Indomethacin and Celecoxib Impair Rotator Cuff Tendon-to-Bone Healing

Authors: David B. Cohen, Sumito Kawamura, John R. Ehteshami, and Scott A. Rodeo

References: Am J Sports Med 2006 34: 362-369

Background: Nonsteroidal anti-inflammatory drugs are commonly prescribed after rotator cuff repair. These agents can impair bone formation, but no studies have evaluated their impact on tendon-to-bone healing.
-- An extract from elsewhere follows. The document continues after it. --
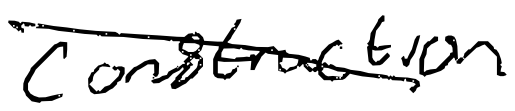
Text: construction
Cross-out: diagonal
Writing tool: digital_black

Hypothesis: Traditional nonselective nonsteroidal anti-inflammatory drugs and cyclooxygenase-2–specific nonsteroidal anti-inflammatory drugs interfere with tendon-to-bone healing.

Study Design: Controlled laboratory study.

Methods: One hundred eighty Sprague-Dawley rats underwent acute rotator cuff repairs. Postoperatively, 60 rats received 14 days of celecoxib, a cyclooxygenase-2–specific nonsteroidal anti-inflammatory drug; 60 received indomethacin, a traditional nonselective nonsteroidal anti-inflammatory drug; and 60 received standard rat chow. Animals were sacrificed at 2, 4, and 8 weeks and evaluated by gross inspection, biomechanical testing, histologic analysis, and polarized light microscopy to quantify collagen formation and maturation.

Results: Five tendons completely failed to heal (4 celecoxib, 1 indomethacin). There were significantly lower failure loads in the celecoxib and indomethacin groups compared with the control groups at 2, 4, and 8 weeks (P < .001), with no significant difference between nonsteroidal anti-inflammatory drug groups. There were significant differences in collagen organization and maturation between the controls and both nonsteroidal anti-inflammatory drug groups at 4 and 8 weeks (P < .001). Controls demonstrated progressively increasing collagen organization during the course of the study (P < .001), whereas the nonsteroidal anti-inflammatory drug groups did not.

Conclusion: Traditional and cyclooxygenase-2–specific nonsteroidal anti-inflammatory drugs significantly inhibited tendon-to-bone healing. This inhibition appears linked to cyclooxygenase-2.

Clinical Relevance: If the results of this study are verified in a larger animal model, the common practice of administering non-steroidal anti-inflammatory drugs after rotator cuff repair should be reconsidered.